Stored data entries:
"""

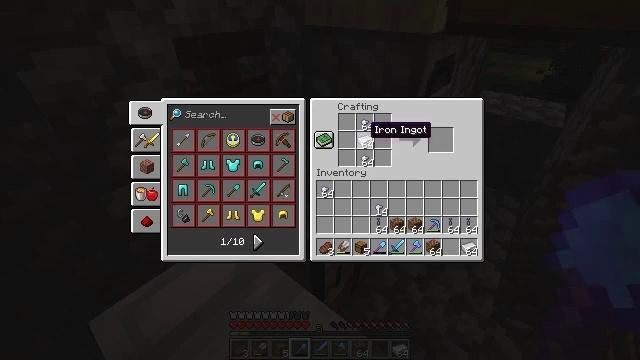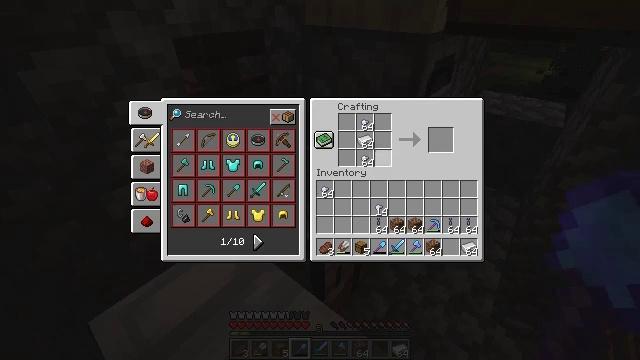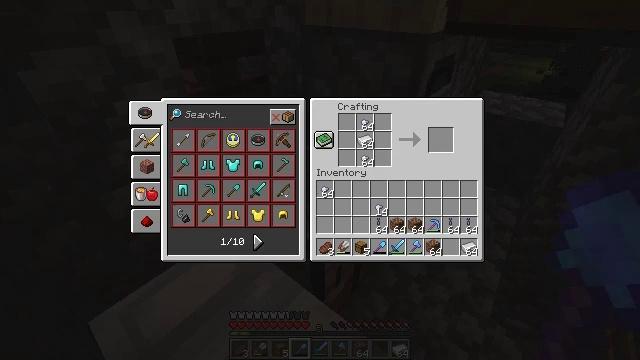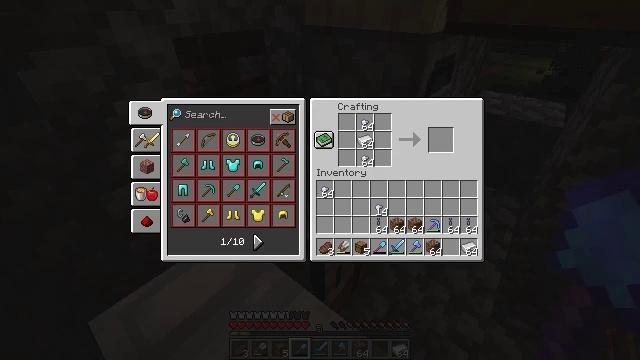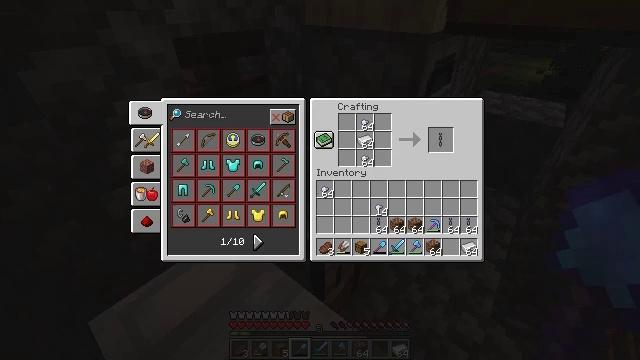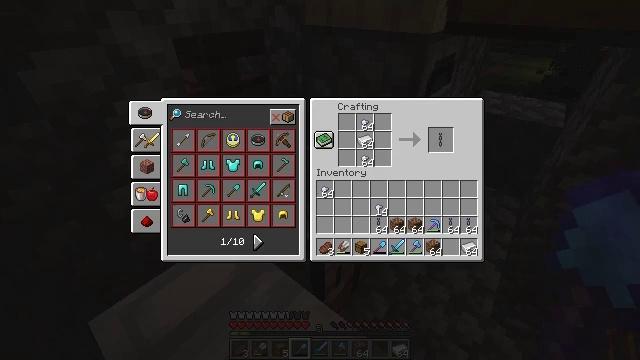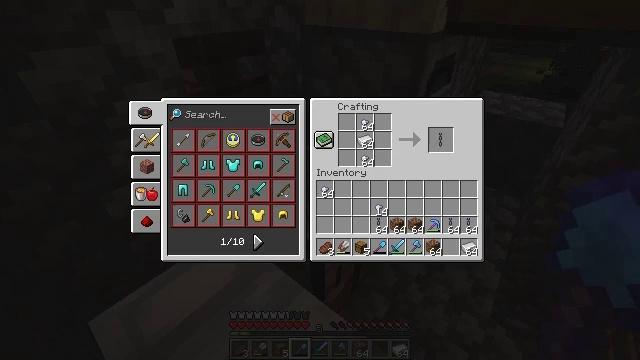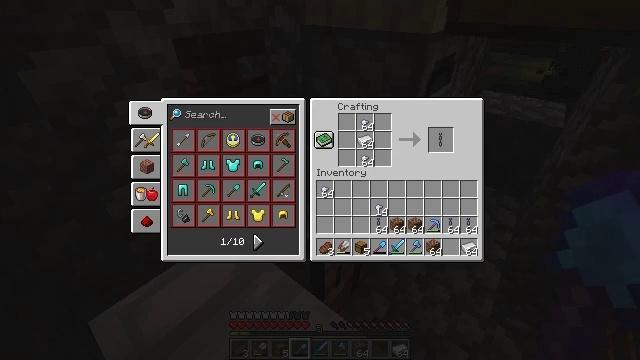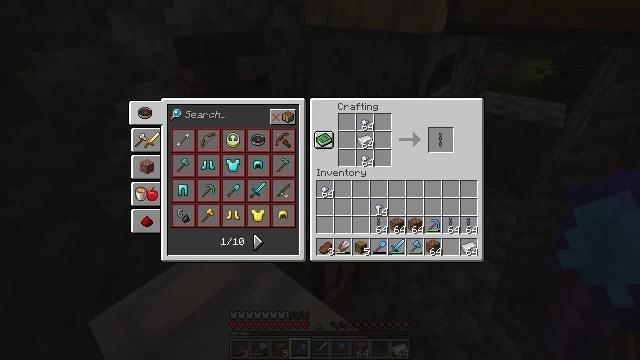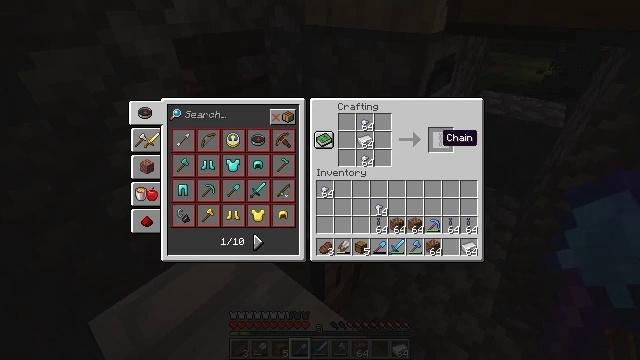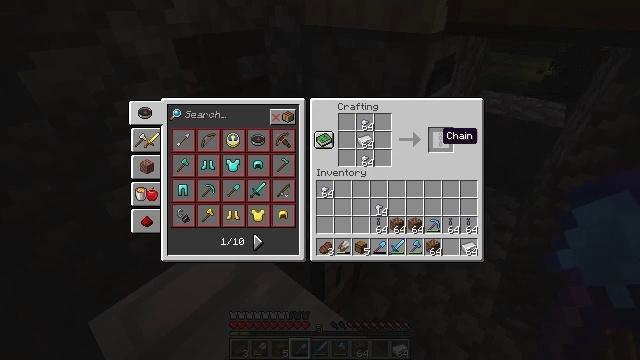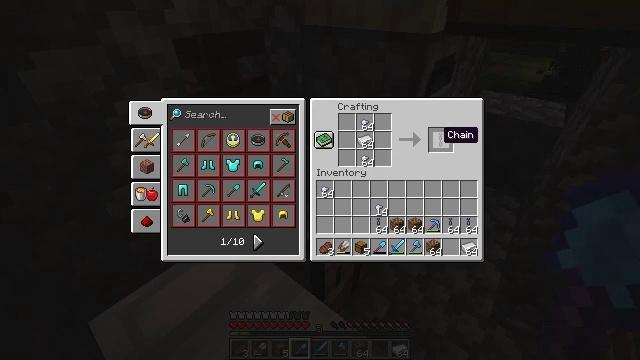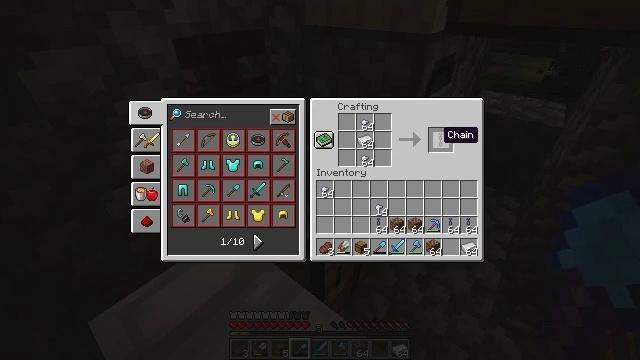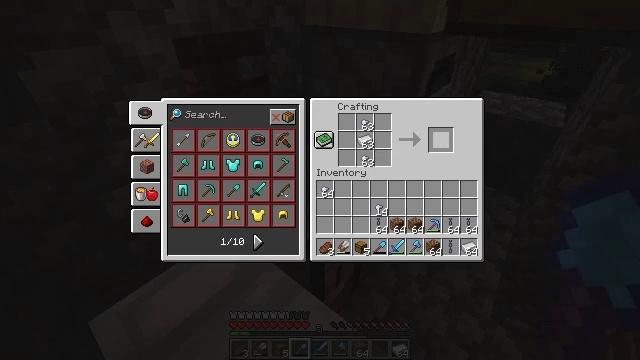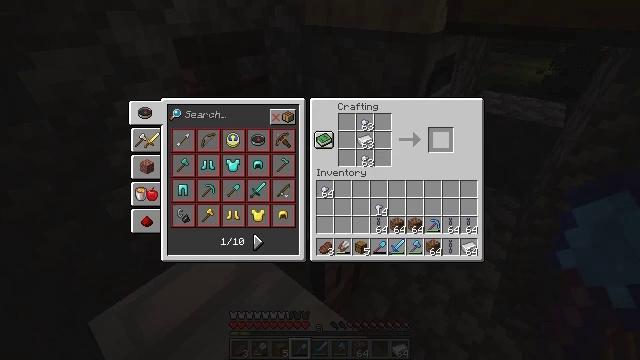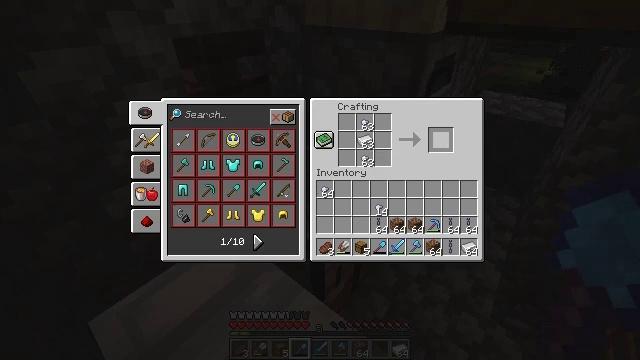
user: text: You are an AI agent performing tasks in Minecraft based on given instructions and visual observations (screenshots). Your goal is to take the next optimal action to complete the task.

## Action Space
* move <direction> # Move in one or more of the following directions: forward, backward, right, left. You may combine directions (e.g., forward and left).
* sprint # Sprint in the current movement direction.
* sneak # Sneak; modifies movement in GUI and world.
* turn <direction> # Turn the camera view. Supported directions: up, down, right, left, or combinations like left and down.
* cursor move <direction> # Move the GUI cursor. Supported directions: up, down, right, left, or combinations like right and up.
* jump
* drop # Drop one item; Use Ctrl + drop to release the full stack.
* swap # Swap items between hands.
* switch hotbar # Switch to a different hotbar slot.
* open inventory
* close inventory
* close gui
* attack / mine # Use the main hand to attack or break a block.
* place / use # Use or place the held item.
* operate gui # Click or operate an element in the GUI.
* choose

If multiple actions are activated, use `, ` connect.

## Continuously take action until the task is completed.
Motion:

"""

**What is needed**
Only the lines containing the string "task" are needed; pull them out of the records.

**Exercise output**
user: text: You are an AI agent performing tasks in Minecraft based on given instructions and visual observations (screenshots). Your goal is to take the next optimal action to complete the task.
## Continuously take action until the task is completed.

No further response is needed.